Кола Брюньон. Илл. Евгения Кибрика
«Кола Брюньон “Жив курилка”» Ромена Роллана. Даже не помню, когда я впервые прочитал эту книгу и сколько раз перечитывал, но томик издательства “Жазуши” в мягкой обложке развалился до стопки желтых страниц. Неунывающий Кола Брюньон неизменно возвращает к жизни. Его воспринимаешь как близкого друга, который, посмеиваясь в усы, похлопывает по плечу. Удивительный эффект от книги, которую знаешь почти наизусть.
Кола Брюньон – средневековый столяр из Бургундии. Умный, наблюдательный, весёлый. Он не персонаж вроде д’Артаньяна. Обычный ремесленник из простецов: старается жить в мире с сильными, практичный плутоватый, упрямый.
Что только не происходит вокруг Брюньона. Войны, религиозные конфликты, болезни, бедствия – он выкручивается из всех ситуаций. И не просто выкручивается, а находит силы радоваться и получать удовольствие от жизни. В нём своё достоинство. Не из рыцарских романов, настоящее. С Брюньоном хочется болтать, попивая домашнее красное вино. Впитывать его мудрость, слушать его лукавый юмор.
Вот лишь одна цитата. Размышления Колы Брюньона, у которого недавно умерла жена, у которого только что сожгли дом, деревянные скульптуры которого порезал сумасброд-заказчик.
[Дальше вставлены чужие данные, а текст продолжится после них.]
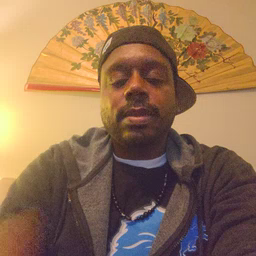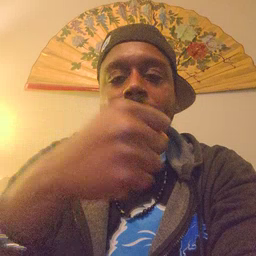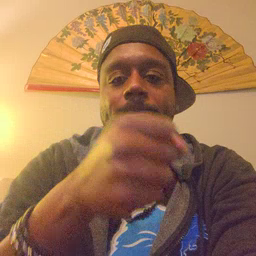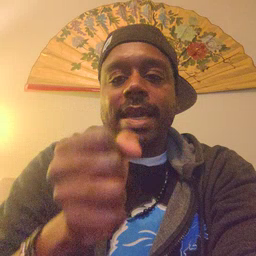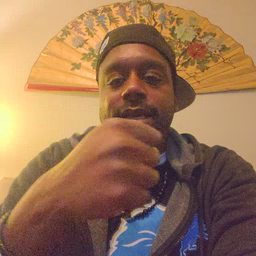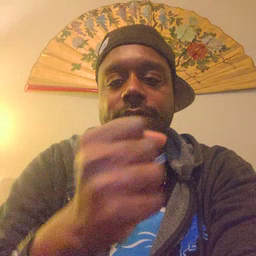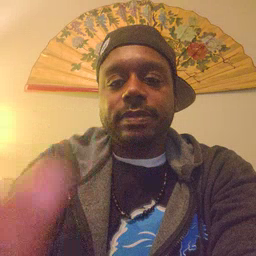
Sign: make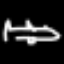
Label: airplane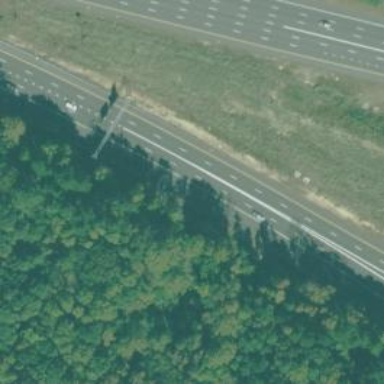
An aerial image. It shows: Motorway junction.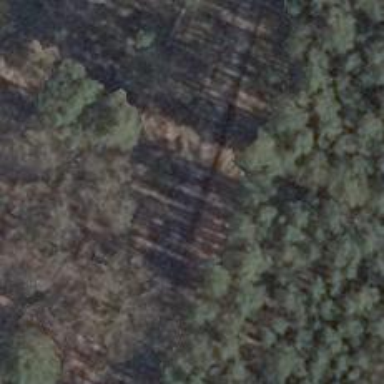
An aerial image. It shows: Sandy track road with grade 4 track type.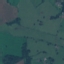
Land use / land cover: Pasture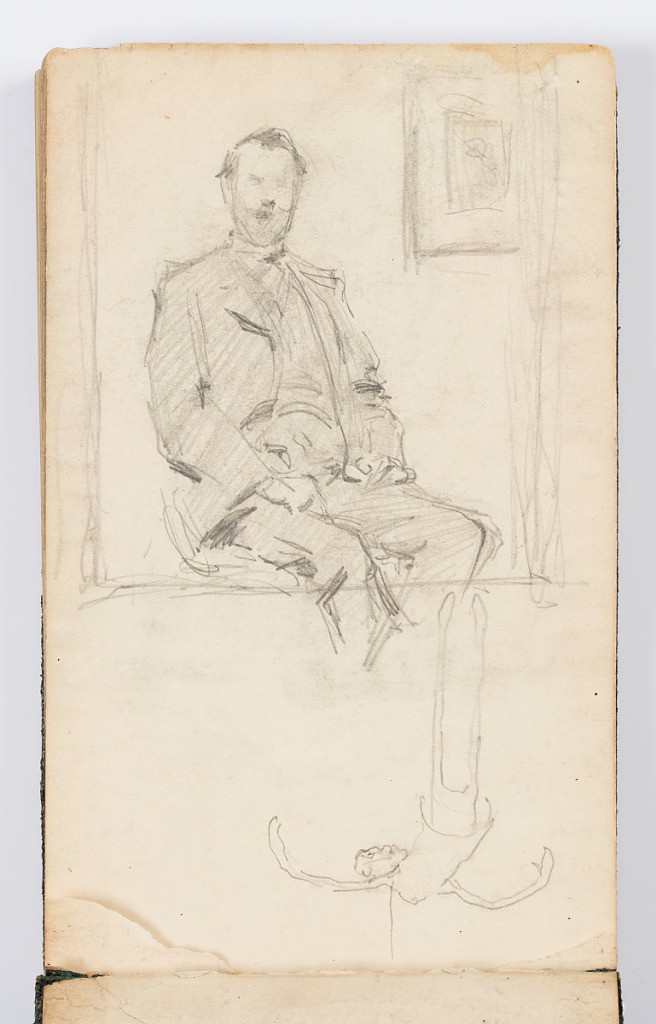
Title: Sketchbook Page: Portrait of Man, Marionette Puppet
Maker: Kenyon Cox, American, 1856–1919
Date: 1883
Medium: Graphite on paper
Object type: Sketchbook folio
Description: Recto: At right, portrait of a seated man with picture hung on wall in background, enframed. At left, oriented differently, sketch of hanging marionette puppet.
Verso: Contour drawing of figure with anchor tied to ankle. Suitcase at right.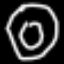
Label: donut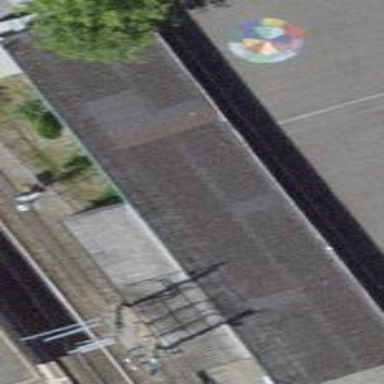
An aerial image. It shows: Building with gabled roof.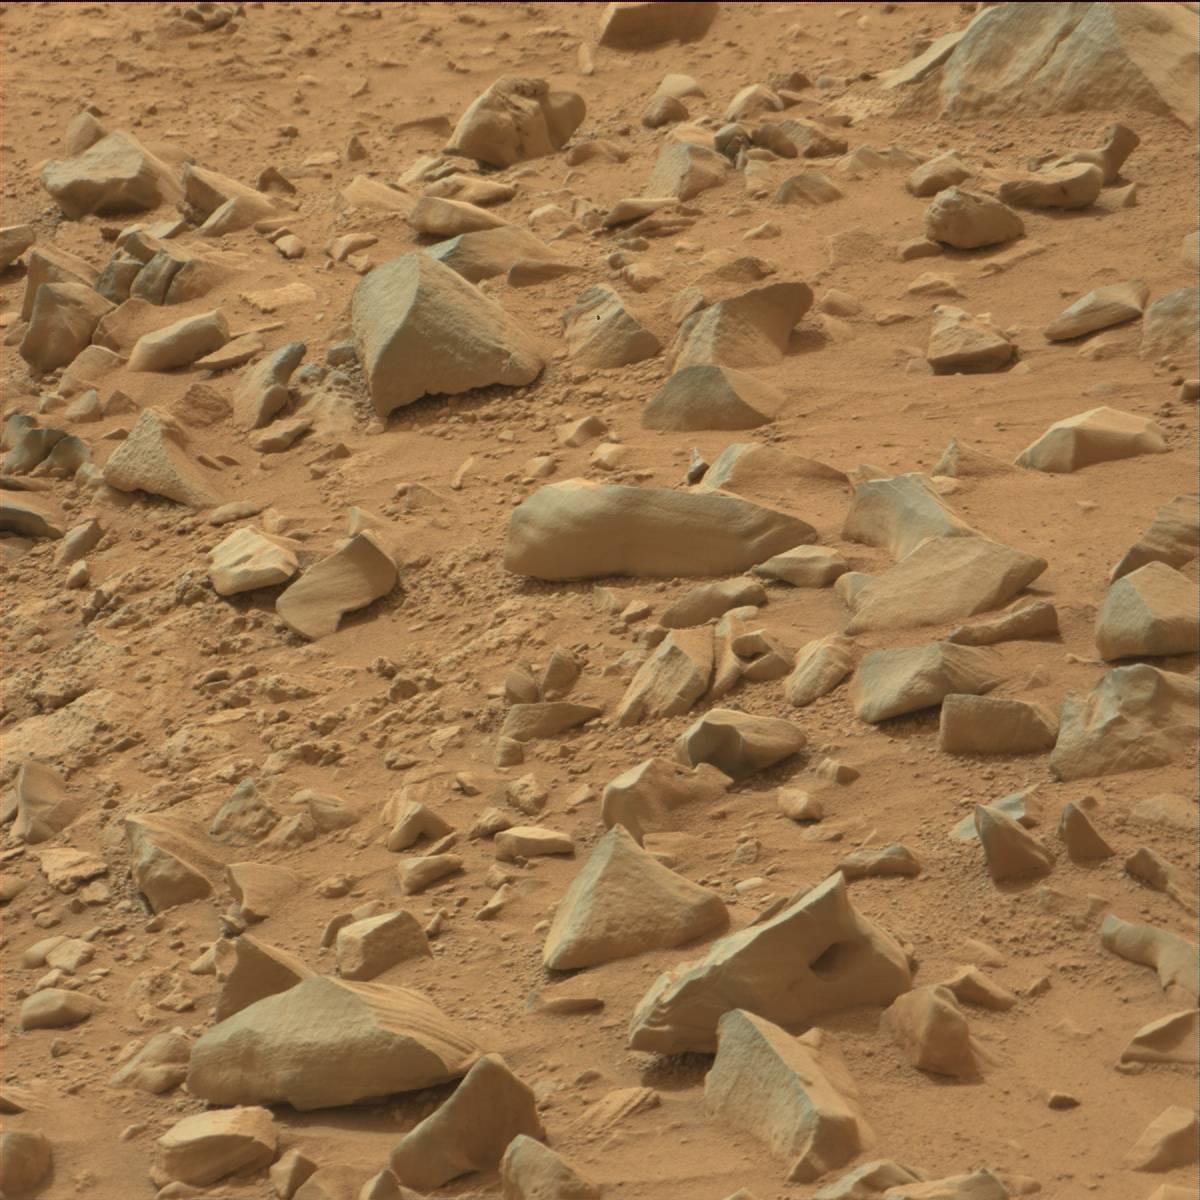
Terrain classes present: Bedrock, Rock, Sand / Soil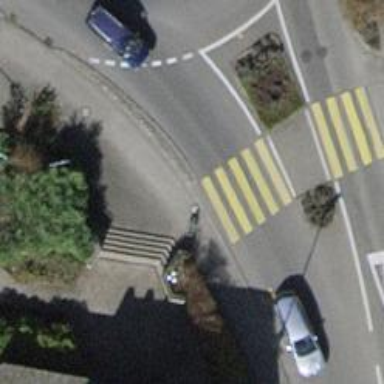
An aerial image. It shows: Marked zebra crossing with island.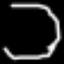
Label: octagon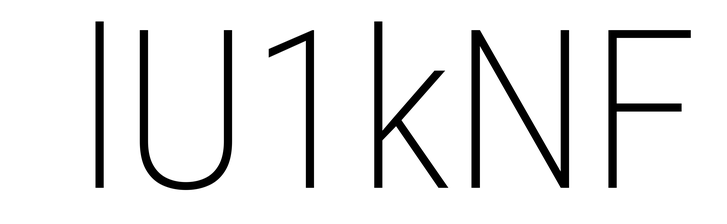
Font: Roboto_Condensed_ExtraLight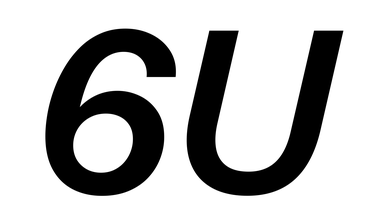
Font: InstrumentSans-Italic_SemiBold_Italic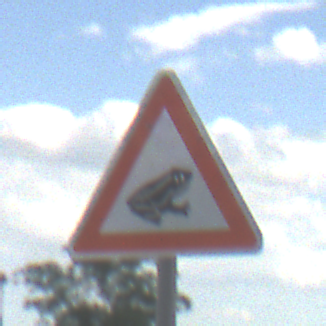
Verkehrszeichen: AmphibienwanderungLinks
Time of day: MorningAfternoon
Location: Outdoor (RoadRail)
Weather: PartlyCloudy
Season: NotSpecified
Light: Natural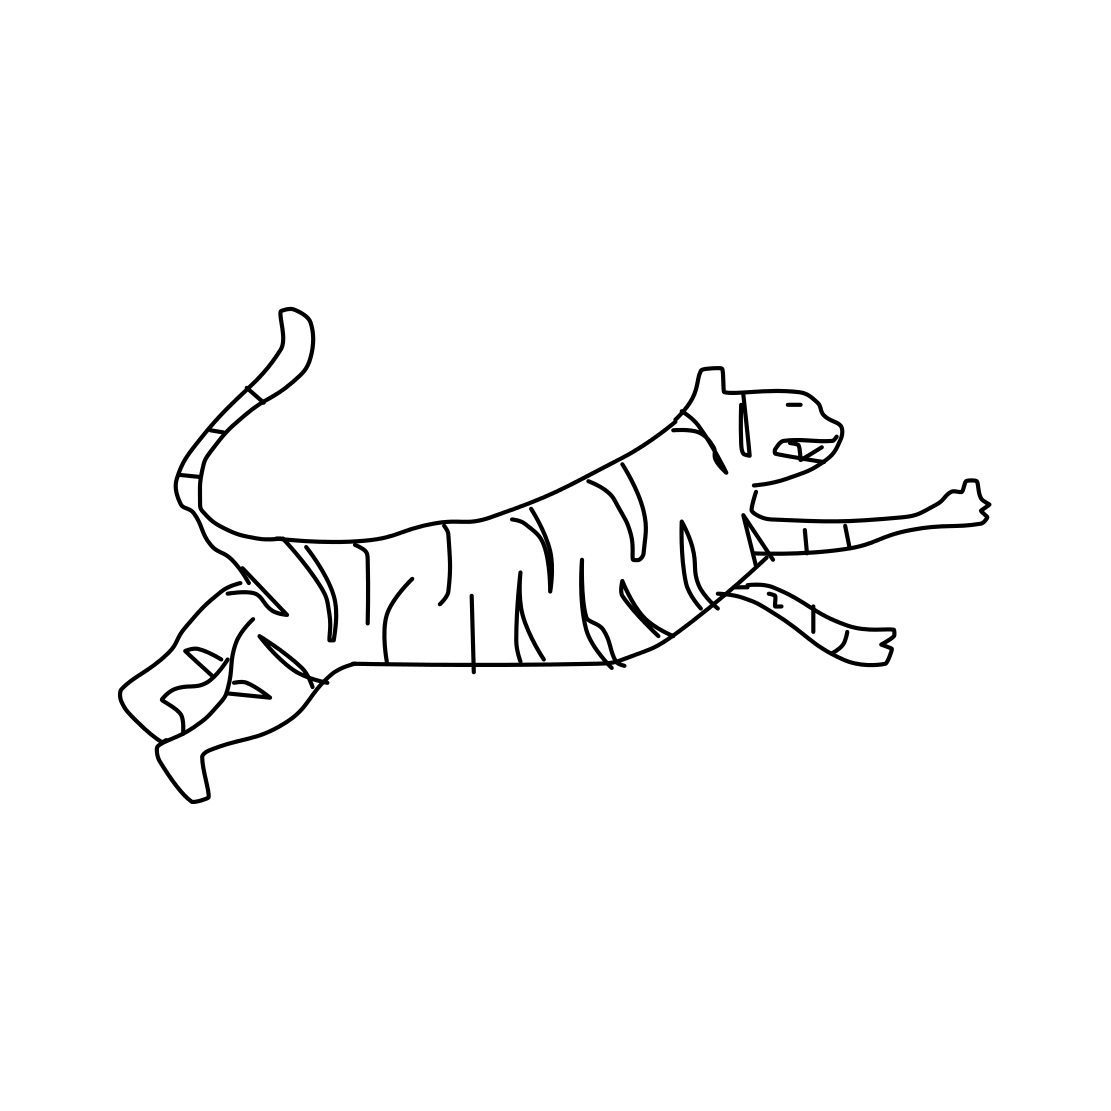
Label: tiger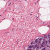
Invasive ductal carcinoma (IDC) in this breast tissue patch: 0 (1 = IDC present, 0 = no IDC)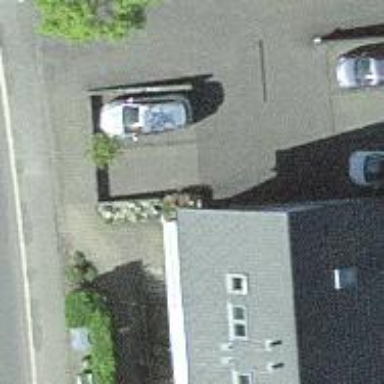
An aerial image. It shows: Parking entrance.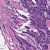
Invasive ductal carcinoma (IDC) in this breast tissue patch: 1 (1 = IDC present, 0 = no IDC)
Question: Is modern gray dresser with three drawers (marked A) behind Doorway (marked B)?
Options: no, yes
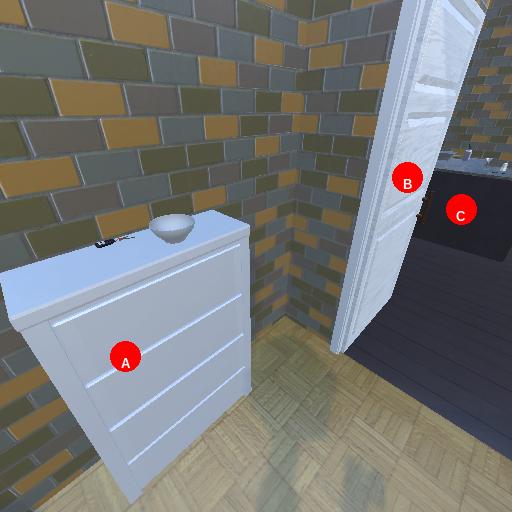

На этот раз они отняли у меня все. Меня можно закапывать в землю. У меня ничего не осталось, кроме моей шкуры… Да, черт возьми, но осталось и то, что в ней. Как у того осажденного, который, на угрозу убить его детей, если он не сдастся, отвечал: «Изволь! У меня здесь при себе орудие, чтобы наделать новых», – мое орудие со мной, черт побери, его у меня не отняли, его у меня не отнять… Мир – бесплодная равнина, где местами колосятся нивы, засеянные нами, художниками. Звери земные и небесные клюют их, жуют и топчут. Бессильные творить, они умеют только убивать. Грызите и уничтожайте, скоты, попирайте ногами мою рожь, я выращу новую. Колос зрелый, колос мертвый, что мне жатва? Во чреве земли бродят новые семена. Я то, что будет, а не то, что было. И в день, когда моя сила угаснет, когда у меня не будет больше моих глаз, моих мясистых ноздрей и глотки под ними, куда спускаешь вино и где так хорошо подвешен мой неугомонный язык, когда у меня не будет больше моих рук, ловкости моих пальцев и моей свежей мощи, когда я буду очень стар, бескровен и бестолков… в этот день, Брюньон, – меня уже не будет. Да ты не беспокойся! Разве можно себе представить Брюньона, который перестал бы чувствовать, Брюньона, который перестал бы творить, Брюньона, который перестал бы смеяться, у которого не летели бы искры из‑под копыт?
Нельзя; это будет значить, что от него остались одни штаны. Можете их спалить. Берите мои обноски…»
Жаль, что повесть редко отмечают в списках жизнеутверждающих книг. Обязательно почитайте.